[WHAT NEEDS TO BE DONE] Using the data that follows, report how many lines include "JOACHIM"; output no other text.

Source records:
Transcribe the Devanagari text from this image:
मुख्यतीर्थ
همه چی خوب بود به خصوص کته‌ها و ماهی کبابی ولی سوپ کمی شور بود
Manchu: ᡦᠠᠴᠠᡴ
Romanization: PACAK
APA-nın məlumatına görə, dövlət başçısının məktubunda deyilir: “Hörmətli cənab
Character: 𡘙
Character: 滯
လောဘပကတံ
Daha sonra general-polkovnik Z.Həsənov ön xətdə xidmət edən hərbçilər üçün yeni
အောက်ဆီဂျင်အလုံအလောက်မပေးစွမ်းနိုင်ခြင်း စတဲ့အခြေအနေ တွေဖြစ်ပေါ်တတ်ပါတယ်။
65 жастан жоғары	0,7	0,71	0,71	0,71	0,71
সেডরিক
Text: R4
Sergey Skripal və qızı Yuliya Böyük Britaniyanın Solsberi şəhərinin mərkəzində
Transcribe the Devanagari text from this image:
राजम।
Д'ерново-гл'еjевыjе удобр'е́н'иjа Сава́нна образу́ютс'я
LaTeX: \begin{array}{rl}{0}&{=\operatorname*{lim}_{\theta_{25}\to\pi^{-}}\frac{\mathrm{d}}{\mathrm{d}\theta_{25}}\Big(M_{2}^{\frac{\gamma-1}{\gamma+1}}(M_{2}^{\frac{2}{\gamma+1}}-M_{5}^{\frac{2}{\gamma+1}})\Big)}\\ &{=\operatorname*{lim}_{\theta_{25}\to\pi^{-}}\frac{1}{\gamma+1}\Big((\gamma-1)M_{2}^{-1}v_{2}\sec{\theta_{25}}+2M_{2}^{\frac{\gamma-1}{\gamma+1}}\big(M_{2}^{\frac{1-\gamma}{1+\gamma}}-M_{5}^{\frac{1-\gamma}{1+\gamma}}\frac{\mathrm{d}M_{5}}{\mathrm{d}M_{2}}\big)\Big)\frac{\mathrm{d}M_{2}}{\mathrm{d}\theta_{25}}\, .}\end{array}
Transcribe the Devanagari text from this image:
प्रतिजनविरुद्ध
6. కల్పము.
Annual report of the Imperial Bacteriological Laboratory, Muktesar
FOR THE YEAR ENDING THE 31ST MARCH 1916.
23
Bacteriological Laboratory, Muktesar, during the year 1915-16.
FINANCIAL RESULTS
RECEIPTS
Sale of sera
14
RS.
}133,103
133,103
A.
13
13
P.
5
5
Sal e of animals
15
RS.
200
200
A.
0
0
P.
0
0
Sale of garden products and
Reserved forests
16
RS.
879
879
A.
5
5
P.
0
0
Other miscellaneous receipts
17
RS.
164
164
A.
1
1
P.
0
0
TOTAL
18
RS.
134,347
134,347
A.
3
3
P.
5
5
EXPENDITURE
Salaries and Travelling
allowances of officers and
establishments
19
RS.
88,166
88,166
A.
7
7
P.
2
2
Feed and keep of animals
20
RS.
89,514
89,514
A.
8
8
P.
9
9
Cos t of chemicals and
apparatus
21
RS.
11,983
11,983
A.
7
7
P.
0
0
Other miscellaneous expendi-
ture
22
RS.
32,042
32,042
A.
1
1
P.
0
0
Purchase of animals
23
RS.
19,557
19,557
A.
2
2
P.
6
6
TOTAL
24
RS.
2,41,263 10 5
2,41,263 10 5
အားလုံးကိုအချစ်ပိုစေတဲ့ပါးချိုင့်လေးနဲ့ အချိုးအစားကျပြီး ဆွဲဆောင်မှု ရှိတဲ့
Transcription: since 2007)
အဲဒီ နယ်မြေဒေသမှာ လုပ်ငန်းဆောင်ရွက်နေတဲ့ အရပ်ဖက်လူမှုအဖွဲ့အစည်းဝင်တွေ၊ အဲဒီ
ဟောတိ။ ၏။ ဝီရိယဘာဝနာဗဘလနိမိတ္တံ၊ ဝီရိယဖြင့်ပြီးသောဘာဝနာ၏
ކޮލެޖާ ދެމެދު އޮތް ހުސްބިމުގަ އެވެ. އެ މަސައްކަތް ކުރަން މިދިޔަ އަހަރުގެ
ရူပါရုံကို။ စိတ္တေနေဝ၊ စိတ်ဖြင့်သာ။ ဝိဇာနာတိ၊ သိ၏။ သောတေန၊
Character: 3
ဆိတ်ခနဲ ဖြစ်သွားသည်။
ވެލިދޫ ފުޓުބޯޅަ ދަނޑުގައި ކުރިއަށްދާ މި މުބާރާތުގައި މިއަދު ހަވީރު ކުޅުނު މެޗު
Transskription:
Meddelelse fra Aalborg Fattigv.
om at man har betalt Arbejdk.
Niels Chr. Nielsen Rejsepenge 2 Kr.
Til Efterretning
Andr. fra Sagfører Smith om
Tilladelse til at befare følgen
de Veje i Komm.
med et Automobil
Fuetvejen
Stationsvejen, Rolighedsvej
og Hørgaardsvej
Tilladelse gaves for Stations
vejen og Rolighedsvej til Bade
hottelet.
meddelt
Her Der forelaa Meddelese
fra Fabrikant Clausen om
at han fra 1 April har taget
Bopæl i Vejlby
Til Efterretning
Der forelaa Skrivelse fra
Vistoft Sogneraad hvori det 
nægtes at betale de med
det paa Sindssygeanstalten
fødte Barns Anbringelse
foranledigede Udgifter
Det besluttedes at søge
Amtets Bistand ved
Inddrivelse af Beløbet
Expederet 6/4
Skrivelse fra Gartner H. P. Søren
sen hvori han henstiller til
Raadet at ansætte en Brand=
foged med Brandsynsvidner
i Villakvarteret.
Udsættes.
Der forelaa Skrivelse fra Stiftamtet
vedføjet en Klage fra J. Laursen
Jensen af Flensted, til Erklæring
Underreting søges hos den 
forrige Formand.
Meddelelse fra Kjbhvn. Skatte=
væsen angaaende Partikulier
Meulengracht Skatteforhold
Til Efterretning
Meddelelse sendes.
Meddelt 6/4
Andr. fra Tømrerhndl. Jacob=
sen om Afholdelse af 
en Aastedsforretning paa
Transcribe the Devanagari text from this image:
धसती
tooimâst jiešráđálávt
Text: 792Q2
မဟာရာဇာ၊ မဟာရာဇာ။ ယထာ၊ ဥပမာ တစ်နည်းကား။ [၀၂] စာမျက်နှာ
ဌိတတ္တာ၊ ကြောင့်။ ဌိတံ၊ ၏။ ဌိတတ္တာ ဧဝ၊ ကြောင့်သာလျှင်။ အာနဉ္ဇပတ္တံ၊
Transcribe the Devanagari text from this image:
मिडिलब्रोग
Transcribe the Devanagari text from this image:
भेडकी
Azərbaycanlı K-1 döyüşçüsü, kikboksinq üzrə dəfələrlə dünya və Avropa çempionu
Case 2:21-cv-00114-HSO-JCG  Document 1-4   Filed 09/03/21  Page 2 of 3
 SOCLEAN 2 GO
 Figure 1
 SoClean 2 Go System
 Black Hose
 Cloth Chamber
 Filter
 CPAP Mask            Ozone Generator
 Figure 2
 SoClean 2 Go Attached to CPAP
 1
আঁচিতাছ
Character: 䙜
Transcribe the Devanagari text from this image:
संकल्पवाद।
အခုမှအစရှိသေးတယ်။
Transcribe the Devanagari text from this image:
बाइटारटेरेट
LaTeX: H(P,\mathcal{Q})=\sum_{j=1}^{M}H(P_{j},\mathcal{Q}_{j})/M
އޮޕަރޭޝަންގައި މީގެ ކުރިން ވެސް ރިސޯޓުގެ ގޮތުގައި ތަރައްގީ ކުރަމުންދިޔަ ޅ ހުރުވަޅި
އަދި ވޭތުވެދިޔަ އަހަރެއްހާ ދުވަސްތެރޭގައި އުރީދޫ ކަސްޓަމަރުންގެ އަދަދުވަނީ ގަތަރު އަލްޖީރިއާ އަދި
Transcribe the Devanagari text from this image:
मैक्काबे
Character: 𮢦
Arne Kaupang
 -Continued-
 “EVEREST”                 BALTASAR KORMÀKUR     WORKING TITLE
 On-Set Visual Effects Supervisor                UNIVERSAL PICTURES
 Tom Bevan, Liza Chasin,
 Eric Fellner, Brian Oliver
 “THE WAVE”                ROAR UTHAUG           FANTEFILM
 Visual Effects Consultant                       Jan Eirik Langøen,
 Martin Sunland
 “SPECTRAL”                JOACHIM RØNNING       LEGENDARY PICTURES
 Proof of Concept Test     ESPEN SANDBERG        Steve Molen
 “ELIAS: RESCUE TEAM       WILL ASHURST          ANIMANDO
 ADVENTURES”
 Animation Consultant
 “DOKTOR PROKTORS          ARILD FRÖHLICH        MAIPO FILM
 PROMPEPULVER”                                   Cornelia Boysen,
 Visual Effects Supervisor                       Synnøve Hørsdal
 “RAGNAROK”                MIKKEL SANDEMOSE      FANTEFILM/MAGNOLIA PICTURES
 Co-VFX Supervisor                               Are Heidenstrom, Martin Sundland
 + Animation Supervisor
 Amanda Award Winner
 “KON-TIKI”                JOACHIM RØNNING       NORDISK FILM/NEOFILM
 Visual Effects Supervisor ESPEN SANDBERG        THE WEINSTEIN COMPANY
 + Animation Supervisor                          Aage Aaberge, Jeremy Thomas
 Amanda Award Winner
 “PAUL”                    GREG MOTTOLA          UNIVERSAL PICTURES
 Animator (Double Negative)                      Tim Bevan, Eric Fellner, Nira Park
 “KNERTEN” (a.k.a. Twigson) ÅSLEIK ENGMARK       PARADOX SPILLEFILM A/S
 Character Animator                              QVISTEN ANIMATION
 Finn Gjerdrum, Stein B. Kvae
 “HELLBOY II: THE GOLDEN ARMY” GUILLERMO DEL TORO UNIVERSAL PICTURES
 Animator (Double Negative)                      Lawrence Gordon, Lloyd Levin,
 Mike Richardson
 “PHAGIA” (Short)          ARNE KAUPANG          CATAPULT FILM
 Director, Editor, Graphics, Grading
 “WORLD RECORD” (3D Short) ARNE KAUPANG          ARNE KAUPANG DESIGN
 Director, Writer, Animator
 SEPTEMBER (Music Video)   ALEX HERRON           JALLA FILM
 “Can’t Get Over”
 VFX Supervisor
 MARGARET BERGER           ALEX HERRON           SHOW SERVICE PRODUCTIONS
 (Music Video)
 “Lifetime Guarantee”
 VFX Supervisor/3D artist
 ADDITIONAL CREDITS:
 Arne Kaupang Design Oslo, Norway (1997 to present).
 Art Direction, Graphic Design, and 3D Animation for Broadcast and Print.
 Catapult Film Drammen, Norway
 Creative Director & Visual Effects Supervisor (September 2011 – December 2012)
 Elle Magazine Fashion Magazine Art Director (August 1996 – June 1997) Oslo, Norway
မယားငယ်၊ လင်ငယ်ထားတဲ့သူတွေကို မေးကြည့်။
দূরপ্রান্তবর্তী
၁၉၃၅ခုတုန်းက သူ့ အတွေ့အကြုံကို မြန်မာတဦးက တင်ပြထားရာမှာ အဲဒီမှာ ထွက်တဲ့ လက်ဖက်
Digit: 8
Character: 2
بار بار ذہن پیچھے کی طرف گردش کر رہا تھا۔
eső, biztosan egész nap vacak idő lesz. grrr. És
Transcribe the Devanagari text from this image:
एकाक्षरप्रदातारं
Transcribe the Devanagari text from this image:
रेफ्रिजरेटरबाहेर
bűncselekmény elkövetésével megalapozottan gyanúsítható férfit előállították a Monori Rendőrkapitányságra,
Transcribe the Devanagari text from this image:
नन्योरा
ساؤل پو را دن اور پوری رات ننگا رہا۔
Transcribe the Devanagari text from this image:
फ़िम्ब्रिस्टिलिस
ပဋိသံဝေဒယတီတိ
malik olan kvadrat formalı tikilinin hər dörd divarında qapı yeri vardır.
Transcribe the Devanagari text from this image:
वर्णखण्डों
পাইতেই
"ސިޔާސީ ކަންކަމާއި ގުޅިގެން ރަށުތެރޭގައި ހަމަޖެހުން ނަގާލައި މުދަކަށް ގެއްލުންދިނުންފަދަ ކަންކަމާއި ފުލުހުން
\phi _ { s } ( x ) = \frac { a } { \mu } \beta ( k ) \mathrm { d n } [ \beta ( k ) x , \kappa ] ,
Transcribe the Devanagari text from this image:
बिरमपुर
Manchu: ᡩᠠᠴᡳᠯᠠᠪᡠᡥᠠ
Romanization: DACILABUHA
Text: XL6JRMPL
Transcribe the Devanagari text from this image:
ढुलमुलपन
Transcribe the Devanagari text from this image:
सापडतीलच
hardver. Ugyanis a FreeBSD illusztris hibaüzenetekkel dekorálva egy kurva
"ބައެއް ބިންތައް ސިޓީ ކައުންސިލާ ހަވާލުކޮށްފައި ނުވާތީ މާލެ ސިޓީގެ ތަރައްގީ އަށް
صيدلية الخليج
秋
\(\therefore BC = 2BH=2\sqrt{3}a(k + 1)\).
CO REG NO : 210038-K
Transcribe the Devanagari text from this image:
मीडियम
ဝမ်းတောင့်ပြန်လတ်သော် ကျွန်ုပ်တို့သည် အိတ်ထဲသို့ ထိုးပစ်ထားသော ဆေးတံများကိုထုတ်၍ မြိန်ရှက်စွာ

[WRITTEN RESPONSE] 2